Last week, I wrote the first section on emerging technology/topics. This week I wanted to build on that.
Emerging: Robot Process Automation
What is it?
Robot Process Automation (RPA) allows for the automation of rules-based repetitive and tedious tasks using "bots." The goal is to enable the users to focus on higher-value work.
(source: UiPath)
RPA can be used for everything from triggering responses to messages (think client onboarding) and scape data or check against compliance criteria. For many tasks, the goal is not to fully remove the human, but to reduce the human effort by 70-80%.
What's next?
The future of the technology can see it be part of the intelligent automation movement, combing machine learning, and other artificial intelligence-enabled approaches to automate high order tasks where contextual understanding is required. The market for robot automation was $17B in 2020 and is expected to reach $30B by 2024.

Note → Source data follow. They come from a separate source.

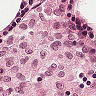
Metastatic tissue present: no
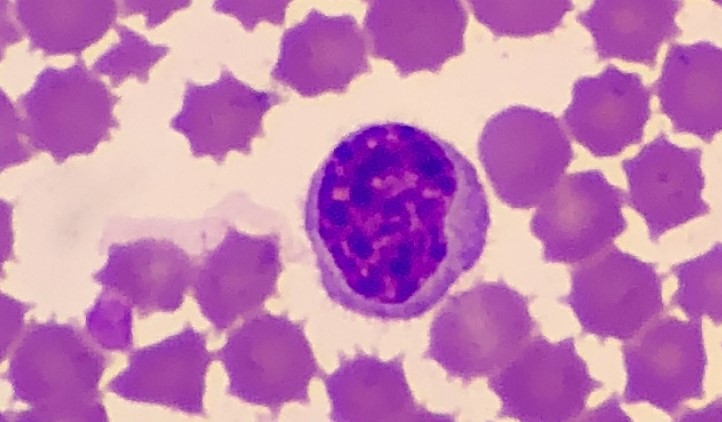
White blood cell type: Lymphocyte
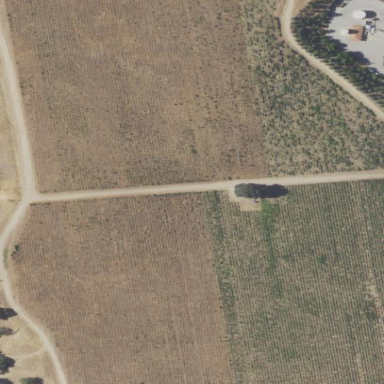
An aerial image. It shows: Vineyard growing grapes.
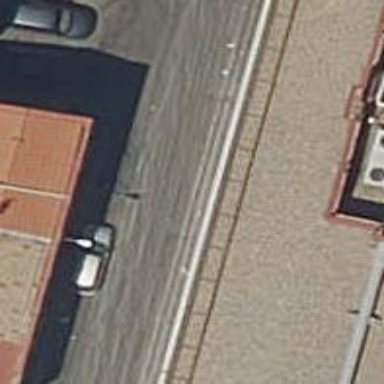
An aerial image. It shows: Residential road with asphalt surface. There is street side parallel parking on the left lane.
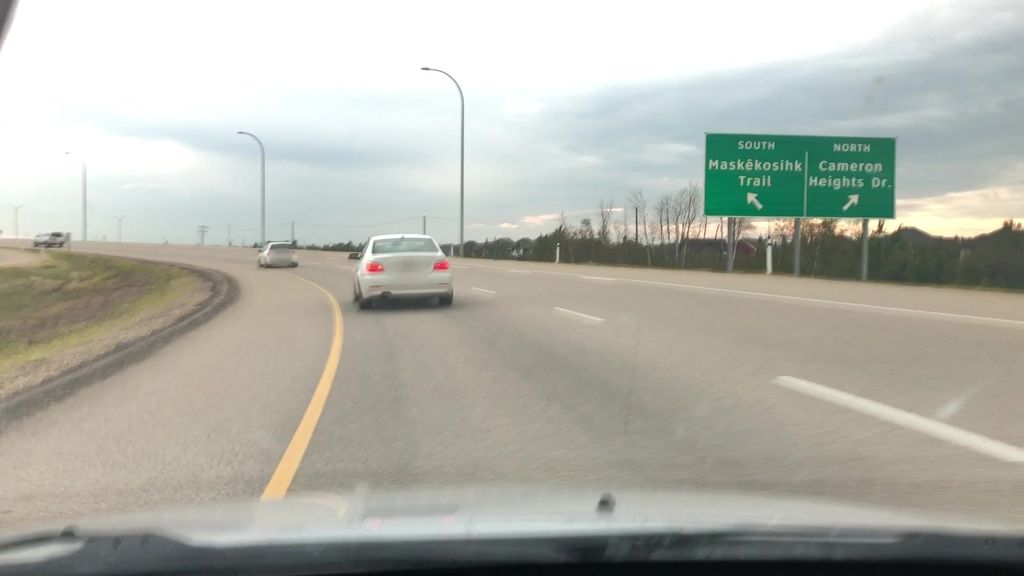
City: edmonton

At a macro level, automation technologies fall within the deployment stage of Carlota Perez's framework, such that they require existing infrastructure to be present and installed already. All sectors (including legal) have spent the last 40+ years installing the infrastructure, which makes automation a timely and common-sense play.
The market for robot automation was $17B in 2020 and is expected to reach $30B by 2024.

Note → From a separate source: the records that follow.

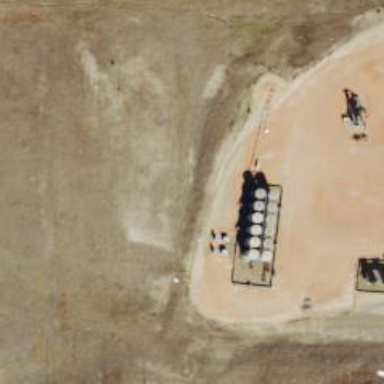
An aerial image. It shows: Storage tank that is man-made.
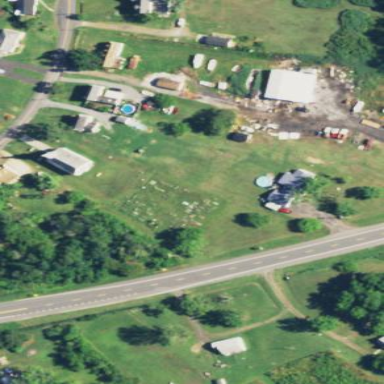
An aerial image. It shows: Graveyard.
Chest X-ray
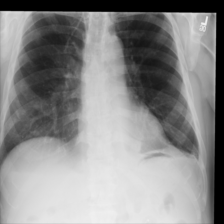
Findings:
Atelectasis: positive
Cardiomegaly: negative
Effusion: positive
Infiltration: negative
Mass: negative
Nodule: negative
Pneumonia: negative
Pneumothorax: negative
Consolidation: negative
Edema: negative
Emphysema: negative
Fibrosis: negative
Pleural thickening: negative
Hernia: negative
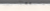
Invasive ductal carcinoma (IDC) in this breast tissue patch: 0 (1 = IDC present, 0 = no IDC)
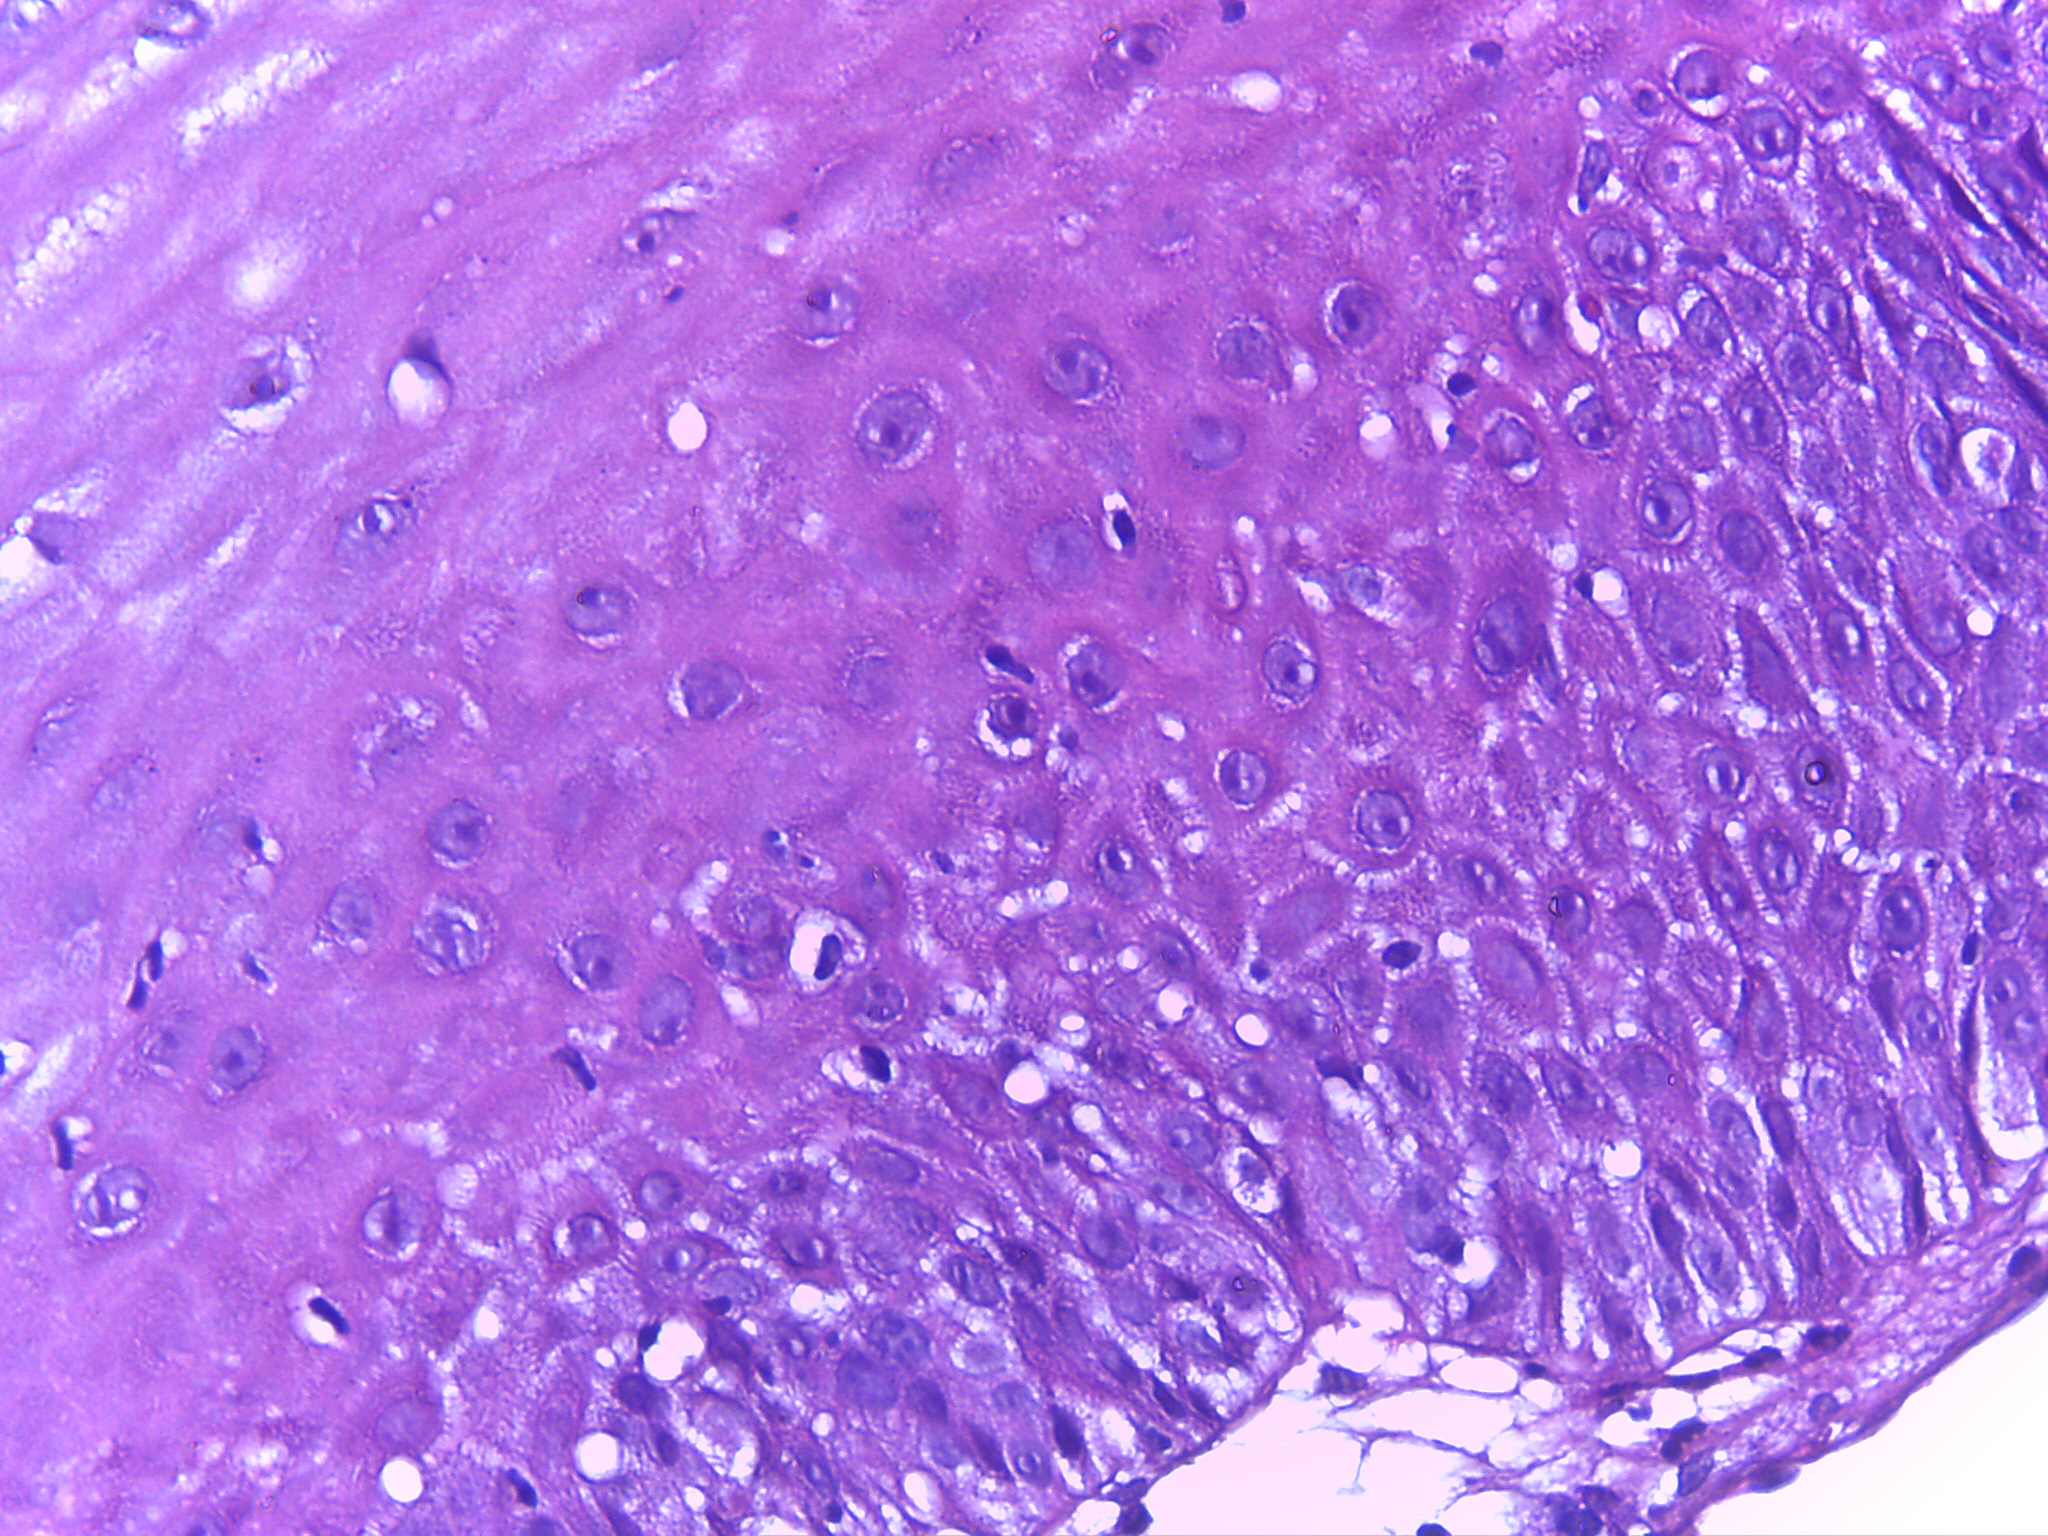
Diagnosis: Normal

š The Romanian-founded UiPath is an example of the market view. UiPath, which had just 20 employees in 2015, is now worth over $29B after its IPO a couple of weeks ago.

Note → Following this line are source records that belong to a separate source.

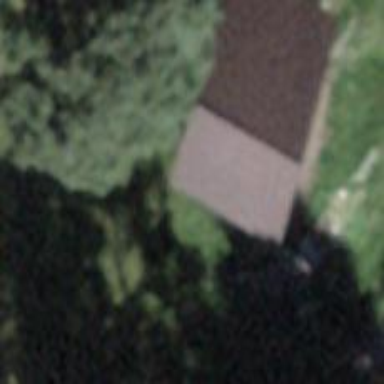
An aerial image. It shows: Rural barn.
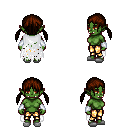
a pixel art fantasy rpg character, female body template, orc, green skin, white tattered cape, gold greaves, brown twin-tailed hairstyle, white cloth bracers, white slippers, four views (front, back, left, right), 2x2 character sprite sheet, small pixel art, hard edges, no anti-aliasing
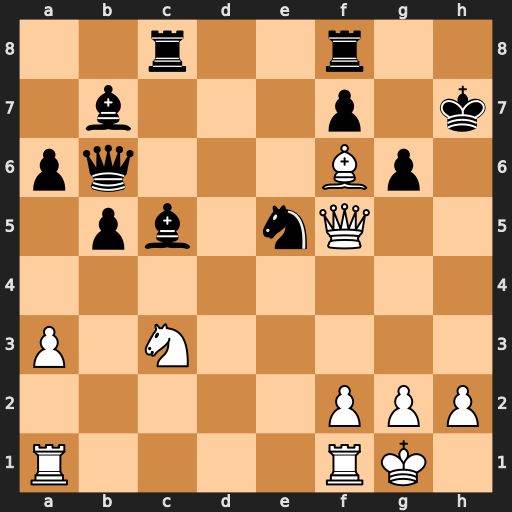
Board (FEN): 2r2r2/1b3p1k/pq3Bp1/1pb1nQ2/8/P1N5/5PPP/R4RK1
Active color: w
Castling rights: -
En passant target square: -
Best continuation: Qh3+ Kg8 Qh8#
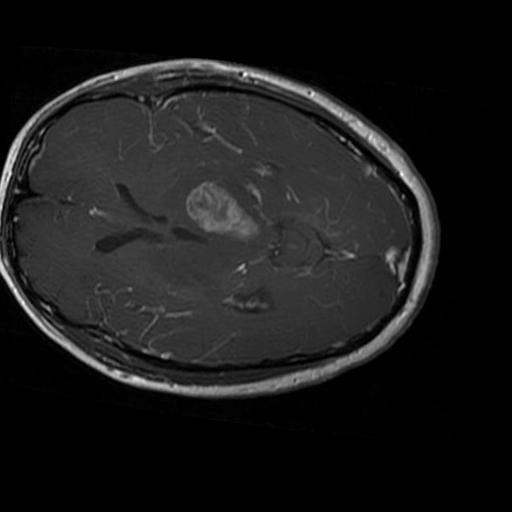
Label: brain_glioma
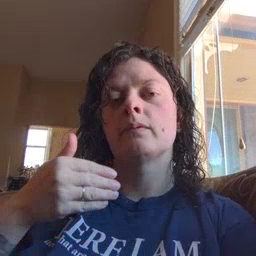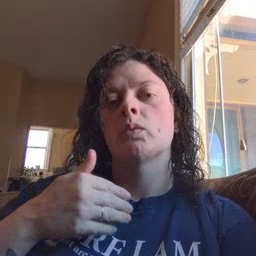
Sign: before
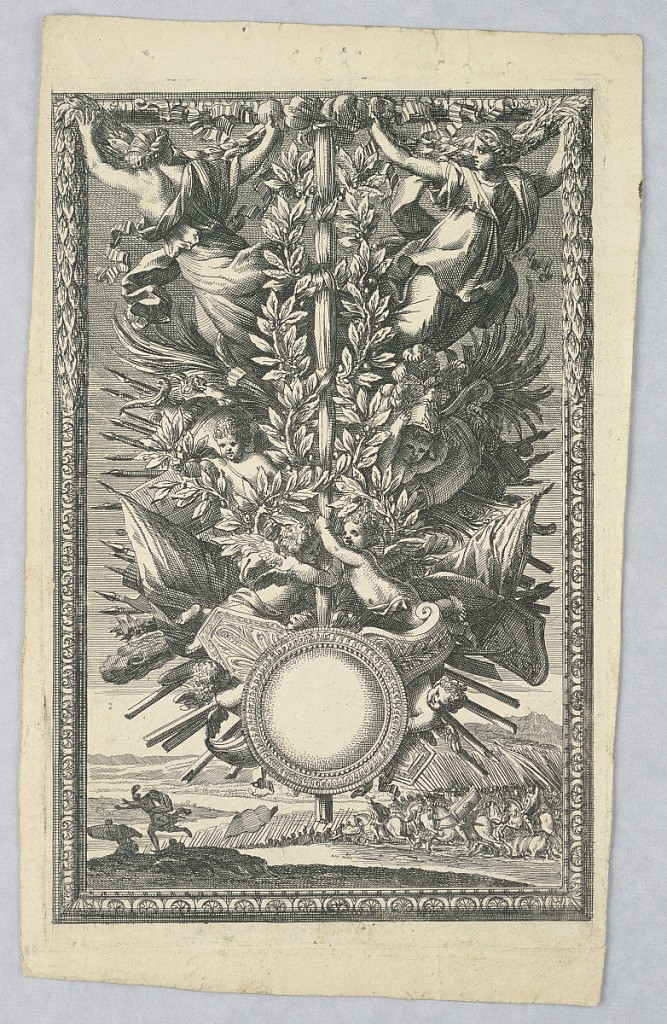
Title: Trophy
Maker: Jean Le Pautre, French, 1618–1682
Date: ca. 1660
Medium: Etching on paper
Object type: Print
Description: A Jombert 109,4. B = J. 109, 5; obliquely printed.
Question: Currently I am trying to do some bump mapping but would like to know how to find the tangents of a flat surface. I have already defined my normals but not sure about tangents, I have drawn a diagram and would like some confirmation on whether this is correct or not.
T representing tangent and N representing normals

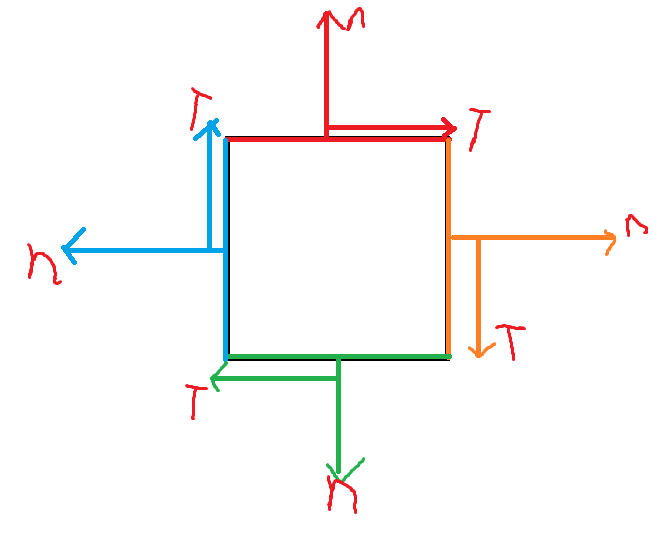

Public Comps has a more in-depth breakdown of the S-1 and the business model behind UiPath. What was interesting is to consider the three broad life stages:
- Automation as a tool
- Automation as a platform
- Fully automated enterprise (where automation is the center of work)
(source: UiPath)
Many rule-based tasks within legal teams could benefit from RPA and other automation tools (filing forms, moving files, scraping data sources, and more). However, I feel that there is currently a big chasm before utilizing automation to deliver end-to-end solutions.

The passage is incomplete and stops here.